The current implementation of read-write locks in glibc uses a mutex to synchronize access to the lock, combined with two more wait-queues, one each for readers and writers. It would be nice to be able to remove the outer lock, and just have the two wait-queues. This requires some other form of synchronization between the two queues. The easiest way to do that is to make the integers the two point to partially overlap.

Another possibility is to increase the size of the Futex integer from 32 bits to 64 bits in size. This will become necessary eventually as computers capable of running billions rather than millions of threads become available. This is a few years off yet though.

One missing operation is FUTEX_REQUEUE_PI. This wasn't implemented because the glibc condition variable algorithm has a race condition if FUTEX_REQUEUE is used rather than FUTEX_CMP_REQUEUE. However, it is indeed possible to construct a working condition variable algorithm that uses the simpler (and faster) FUTEX_REQUEUE. Allowing this to work with priority-inheritance based locks would be useful.

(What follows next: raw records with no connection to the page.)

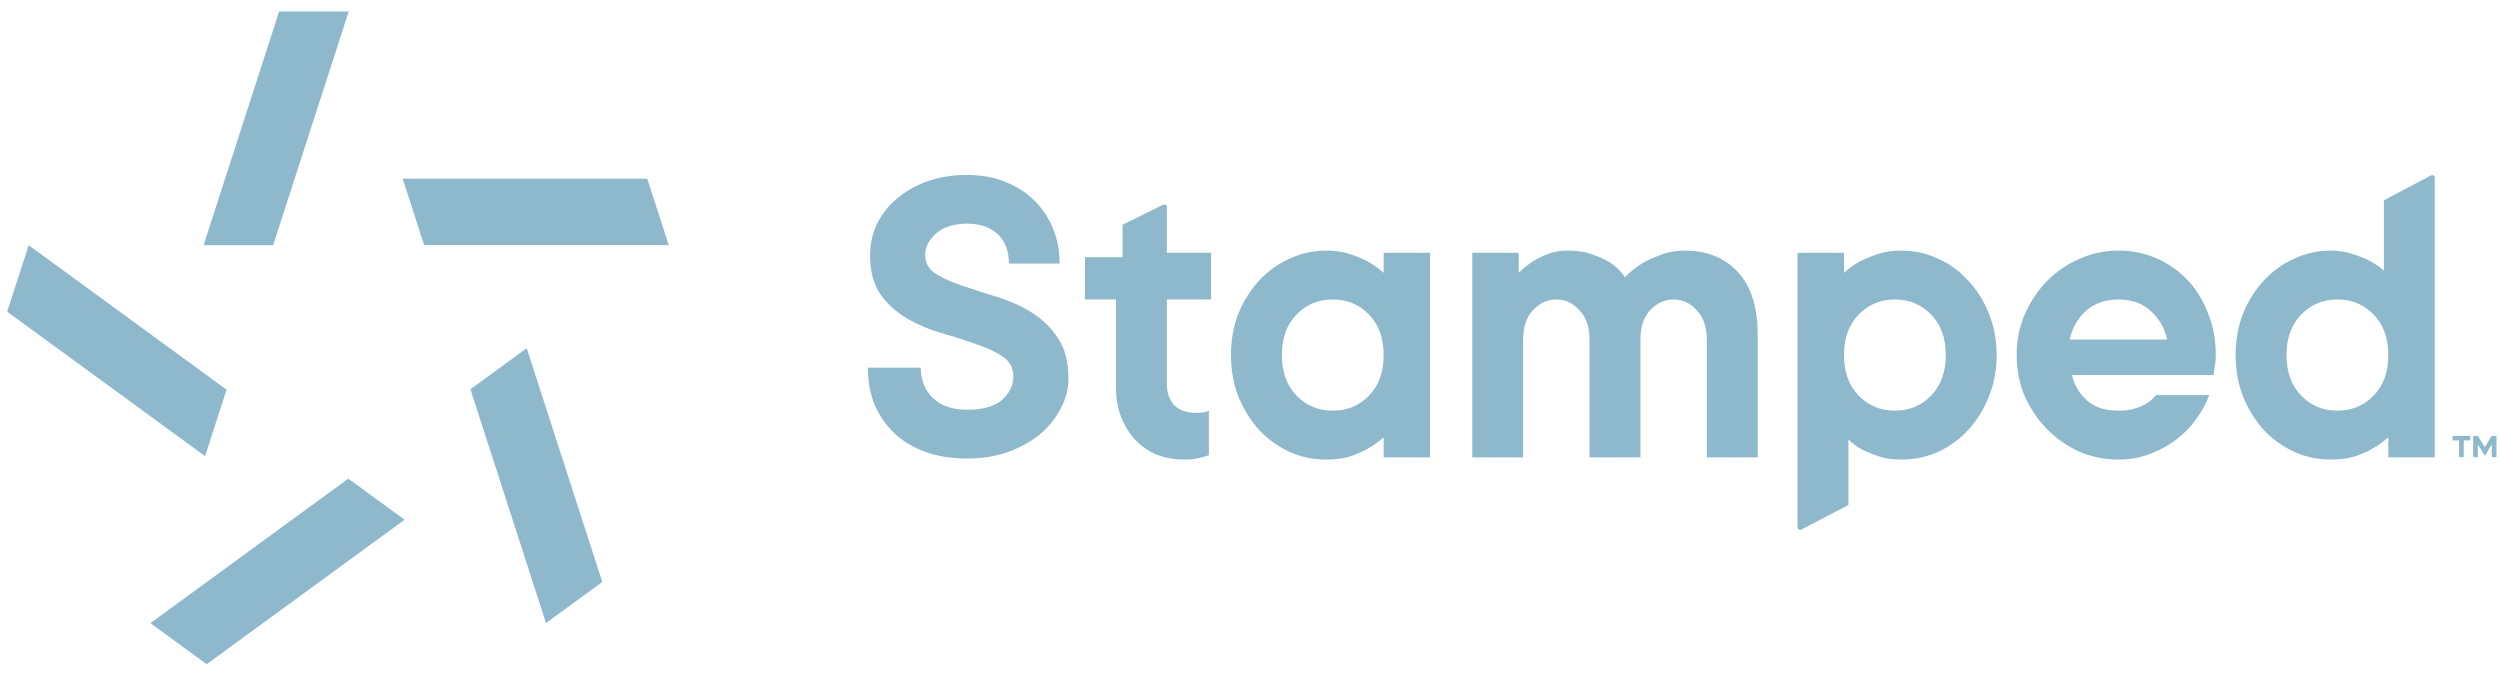 <svg xmlns="http://www.w3.org/2000/svg" fill="none" viewBox="0 0 152 41" height="41" width="152">
<g clip-path="url(#clip0_9534_2502)">
<path fill="#8EB9CD" d="M68.253 13.663L70.716 12.448C70.821 12.396 70.944 12.473 70.944 12.591V15.368H73.635V18.208H70.944V23.345C70.944 23.886 71.097 24.319 71.402 24.643C71.725 24.949 72.155 25.103 72.693 25.103C72.975 25.103 73.242 25.098 73.5 24.967V27.671C73.375 27.725 73.231 27.77 73.07 27.806C72.765 27.897 72.415 27.942 72.021 27.942C71.411 27.942 70.846 27.843 70.325 27.644C69.823 27.428 69.384 27.122 69.007 26.725C68.648 26.328 68.361 25.86 68.146 25.319C67.949 24.778 67.85 24.165 67.85 23.48V18.208H65.967V15.639H68.253V13.663Z"></path>
<path fill="#8EB9CD" d="M80.628 27.943C79.857 27.943 79.121 27.79 78.422 27.483C77.722 27.159 77.103 26.717 76.565 26.158C76.045 25.581 75.624 24.905 75.301 24.13C74.996 23.355 74.843 22.508 74.843 21.589C74.843 20.669 74.996 19.822 75.301 19.047C75.624 18.272 76.045 17.605 76.565 17.046C77.103 16.469 77.722 16.027 78.422 15.721C79.121 15.397 79.857 15.234 80.628 15.234C81.167 15.234 81.651 15.306 82.082 15.451C82.512 15.595 82.879 15.748 83.185 15.91C83.525 16.109 83.839 16.334 84.126 16.586V15.37H86.951V27.808H84.126V26.591C83.839 26.843 83.525 27.069 83.185 27.267C82.879 27.447 82.512 27.609 82.082 27.754C81.651 27.88 81.167 27.943 80.628 27.943ZM84.126 21.589C84.126 20.561 83.83 19.741 83.239 19.128C82.646 18.515 81.911 18.209 81.032 18.209C80.153 18.209 79.417 18.515 78.826 19.128C78.234 19.741 77.938 20.561 77.938 21.589C77.938 22.616 78.234 23.436 78.826 24.049C79.417 24.662 80.153 24.968 81.032 24.968C81.911 24.968 82.646 24.662 83.239 24.049C83.83 23.436 84.126 22.616 84.126 21.589Z"></path>
<path fill="#8EB9CD" d="M95.299 15.234C95.927 15.234 96.465 15.325 96.913 15.505C97.362 15.667 97.73 15.847 98.017 16.046C98.339 16.28 98.6 16.55 98.797 16.857C99.084 16.55 99.416 16.28 99.792 16.046C100.115 15.847 100.501 15.667 100.949 15.505C101.398 15.325 101.891 15.234 102.429 15.234C103.774 15.234 104.851 15.667 105.658 16.532C106.465 17.398 106.869 18.677 106.869 20.372V27.808H103.774V20.642C103.774 19.885 103.568 19.29 103.156 18.858C102.761 18.425 102.295 18.209 101.756 18.209C101.218 18.209 100.743 18.425 100.331 18.858C99.936 19.29 99.738 19.885 99.738 20.642V27.808H96.644V20.642C96.644 19.885 96.438 19.29 96.025 18.858C95.631 18.425 95.164 18.209 94.626 18.209C94.088 18.209 93.612 18.425 93.2 18.858C92.805 19.29 92.608 19.885 92.608 20.642V27.808H89.514V15.37H92.339V16.586C92.59 16.334 92.868 16.109 93.173 15.91C93.424 15.748 93.729 15.595 94.088 15.451C94.447 15.306 94.85 15.234 95.299 15.234Z"></path>
<path fill="#8EB9CD" d="M115.613 15.234C116.384 15.234 117.12 15.397 117.819 15.721C118.519 16.027 119.128 16.469 119.649 17.046C120.187 17.605 120.608 18.272 120.913 19.047C121.236 19.822 121.398 20.669 121.398 21.589C121.398 22.508 121.236 23.355 120.913 24.13C120.608 24.905 120.187 25.581 119.649 26.158C119.128 26.717 118.519 27.159 117.819 27.483C117.12 27.79 116.384 27.943 115.613 27.943C115.093 27.943 114.635 27.88 114.241 27.754C113.864 27.627 113.532 27.492 113.245 27.348C112.922 27.168 112.635 26.96 112.384 26.726V30.705L109.521 32.198C109.415 32.253 109.29 32.176 109.29 32.057V15.37H112.115V16.586C112.384 16.334 112.698 16.109 113.056 15.91C113.361 15.748 113.729 15.595 114.16 15.451C114.59 15.306 115.074 15.234 115.613 15.234ZM112.115 21.589C112.115 22.616 112.411 23.436 113.003 24.049C113.595 24.662 114.33 24.968 115.209 24.968C116.088 24.968 116.823 24.662 117.416 24.049C118.007 23.436 118.303 22.616 118.303 21.589C118.303 20.561 118.007 19.741 117.416 19.128C116.823 18.515 116.088 18.209 115.209 18.209C114.33 18.209 113.595 18.515 113.003 19.128C112.411 19.741 112.115 20.561 112.115 21.589Z"></path>
<path fill="#8EB9CD" d="M134.317 24.022C134.156 24.491 133.905 24.959 133.564 25.428C133.241 25.897 132.837 26.32 132.353 26.699C131.886 27.059 131.348 27.357 130.738 27.591C130.147 27.826 129.501 27.943 128.801 27.943C127.958 27.943 127.16 27.781 126.406 27.456C125.671 27.114 125.016 26.654 124.442 26.077C123.886 25.5 123.438 24.833 123.097 24.076C122.774 23.301 122.613 22.472 122.613 21.589C122.613 20.705 122.774 19.885 123.097 19.128C123.438 18.353 123.886 17.677 124.442 17.1C125.016 16.523 125.671 16.073 126.406 15.748C127.16 15.406 127.958 15.234 128.801 15.234C129.609 15.234 130.371 15.388 131.089 15.694C131.806 16 132.434 16.433 132.972 16.992C133.51 17.551 133.932 18.227 134.236 19.02C134.56 19.795 134.721 20.651 134.721 21.589C134.721 21.733 134.712 21.877 134.694 22.021C134.676 22.147 134.658 22.274 134.64 22.4C134.622 22.544 134.604 22.679 134.586 22.805H125.976C126.119 23.418 126.425 23.932 126.891 24.347C127.357 24.761 127.994 24.968 128.801 24.968C129.214 24.968 129.555 24.924 129.824 24.833C130.111 24.743 130.353 24.635 130.55 24.509C130.766 24.365 130.945 24.202 131.089 24.022H134.317ZM128.801 18.209C127.994 18.209 127.33 18.443 126.81 18.912C126.308 19.38 125.985 19.957 125.842 20.642H131.761C131.618 19.957 131.286 19.38 130.766 18.912C130.263 18.443 129.609 18.209 128.801 18.209Z"></path>
<path fill="#8EB9CD" d="M141.711 27.942C140.94 27.942 140.204 27.789 139.505 27.483C138.805 27.158 138.186 26.716 137.648 26.158C137.128 25.581 136.706 24.905 136.384 24.13C136.078 23.355 135.926 22.507 135.926 21.588C135.926 20.669 136.078 19.821 136.384 19.046C136.706 18.271 137.128 17.604 137.648 17.045C138.186 16.469 138.805 16.027 139.505 15.72C140.204 15.396 140.94 15.234 141.711 15.234C142.214 15.234 142.662 15.306 143.056 15.45C143.451 15.576 143.792 15.711 144.079 15.856C144.402 16.036 144.689 16.234 144.94 16.451V12.176L147.802 10.665C147.908 10.609 148.034 10.686 148.034 10.806V27.807H145.209V26.59C144.922 26.843 144.608 27.068 144.267 27.266C143.962 27.447 143.594 27.609 143.164 27.753C142.734 27.879 142.249 27.942 141.711 27.942ZM145.209 21.588C145.209 20.561 144.913 19.74 144.321 19.128C143.729 18.515 142.994 18.208 142.115 18.208C141.236 18.208 140.5 18.515 139.909 19.128C139.316 19.74 139.02 20.561 139.02 21.588C139.02 22.616 139.316 23.436 139.909 24.049C140.5 24.662 141.236 24.968 142.115 24.968C142.994 24.968 143.729 24.662 144.321 24.049C144.913 23.436 145.209 22.616 145.209 21.588Z"></path>
<path fill="#8EB9CD" d="M52.899 15.512C52.899 14.866 53.033 14.246 53.301 13.654C53.587 13.061 53.981 12.549 54.481 12.118C54.999 11.669 55.615 11.31 56.331 11.041C57.063 10.771 57.885 10.637 58.797 10.637C59.637 10.637 60.396 10.771 61.075 11.041C61.772 11.31 62.371 11.687 62.871 12.172C63.371 12.657 63.756 13.232 64.024 13.896C64.292 14.543 64.426 15.252 64.426 16.024H61.343C61.343 15.27 61.12 14.677 60.673 14.246C60.226 13.815 59.601 13.6 58.797 13.6C57.993 13.6 57.367 13.797 56.92 14.193C56.474 14.588 56.25 15.019 56.25 15.486C56.25 15.988 56.465 16.375 56.893 16.644C57.322 16.913 57.859 17.156 58.502 17.371C59.145 17.587 59.842 17.811 60.593 18.045C61.361 18.278 62.067 18.592 62.71 18.987C63.353 19.383 63.89 19.903 64.318 20.55C64.748 21.178 64.962 22.005 64.962 23.028C64.962 23.639 64.81 24.231 64.506 24.806C64.221 25.381 63.809 25.901 63.273 26.368C62.737 26.817 62.085 27.186 61.316 27.473C60.566 27.742 59.726 27.877 58.797 27.877C57.849 27.877 57.001 27.742 56.25 27.473C55.517 27.203 54.892 26.826 54.374 26.341C53.855 25.839 53.453 25.255 53.167 24.59C52.899 23.908 52.765 23.163 52.765 22.355H55.982C55.982 23.109 56.232 23.729 56.733 24.213C57.233 24.68 57.921 24.914 58.797 24.914C59.744 24.914 60.45 24.716 60.914 24.321C61.379 23.908 61.611 23.432 61.611 22.893C61.611 22.373 61.397 21.969 60.968 21.681C60.539 21.394 60.003 21.142 59.359 20.927C58.716 20.694 58.01 20.469 57.242 20.253C56.491 20.038 55.794 19.742 55.151 19.365C54.508 18.987 53.971 18.503 53.543 17.91C53.114 17.299 52.899 16.5 52.899 15.512Z"></path>
<path fill="#8EB9CD" d="M150.187 26.503V26.777H149.795V27.792H149.51V26.777H149.121V26.503H150.187Z"></path>
<path fill="#8EB9CD" d="M151.784 26.503V27.792H151.5V27.014L151.092 27.69H151.059L150.652 27.016V27.792H150.366V26.503H150.66L151.076 27.191L151.49 26.503H151.784Z"></path>
<path fill="#8EB9CD" d="M12.377 14.909L16.972 0.696L21.202 0.696L16.606 14.909H12.377Z" clip-rule="evenodd" fill-rule="evenodd"></path>
<path fill="#8EB9CD" d="M12.468 27.735L0.437 18.951L1.744 14.908L13.775 23.692L12.468 27.735Z" clip-rule="evenodd" fill-rule="evenodd"></path>
<path fill="#8EB9CD" d="M24.599 31.6L12.567 40.384L9.146 37.886L21.177 29.102L24.599 31.6Z" clip-rule="evenodd" fill-rule="evenodd"></path>
<path fill="#8EB9CD" d="M32.024 21.17L36.619 35.383L33.197 37.882L28.602 23.668L32.024 21.17Z" clip-rule="evenodd" fill-rule="evenodd"></path>
<path fill="#8EB9CD" d="M24.481 10.863H39.353L40.66 14.906H25.788L24.481 10.863Z" clip-rule="evenodd" fill-rule="evenodd"></path>
</g>
<defs>
<clipPath id="clip0_9534_2502">
<rect transform="translate(0.223 0.373)" fill="white" height="40.474" width="151.777"></rect>
</clipPath>
</defs>
</svg>

Finally, it may be worth investigating more efficient ways to implement priority-inherited read-write locks. Potential implementations may require hypothetical extensions like FUTEX_WRLOCK_PI and FUTEX_RDLOCK_PI. The difficulty here is that multiple readers can simultaneously own the lock. Having the kernel know enough information to priority-boost them all when required is difficult to efficiently implement, but still may be possible...

Comments

Borislav Trifonov said...

Windows keyed events seem to be interruptible with a user asynchronous procedure call, which another thread can implement by calling QueueUserAPC, and the keyed event wait then would return STATUS_USER_APC (0xC0, same value as the documented WAIT_IO_COMPLETION which is used for the alertable WaitForSingleObjectEx, SleepEx, etc.). This makes implementing thread cancellation easy on Windows, and if the return code check throws an exception, this would make for nice cleanup as well before the thread ends. How do we accomplish this on Linux with futexes if we use say the fast mutex you designed in your other article? It seems there would need to be a table keeping track of the futex objects for every thread so that they can be woken up, but that seems inefficient. Any ideas?

HdcDst said...

It's a pity, that possibility to wait on a futex by a file descriptor was dropped.
This could have been the first step to introduce a uniform way to wait on different objects at the same time like it is possible on Windows with WaitForMultipleObjects.
Sure, there is the problem with missing a wake in this way, which makes this possibility at first unusable for mutexes.
But this could have been solved by adding a set semantic to the futex.
So that it is possible to say set the futex untill n threads are woken up, instead of wake at least n threads which are currently waiting on the futex.

woodrowdouglass said...

HdcDst - look at the man page for eventfd. EFD_SEMAPHORE may be what you're looking for.

Angel Genchev said...

Yes, Borislav Trifonov and HdcDst need EventFD, but they don`t know it exist. We have a nice poll(), epoll() calls to wait on file and eventFD descriptors.

Lolek said...

LOL

Michael K said...

The alignment requirement is not just to avoid corner cases like futex variables spanning two pages, but is required by many processor architectures. Futex variables may be modified by user space while another thread is running a futex system call, so the read accesses to the futex variable to compare against the expected value needs to be atomic. Most non-x86 architectures do not support atomic memory access to unaligned variables, even if it is one of the architecures that support unaligned access at all.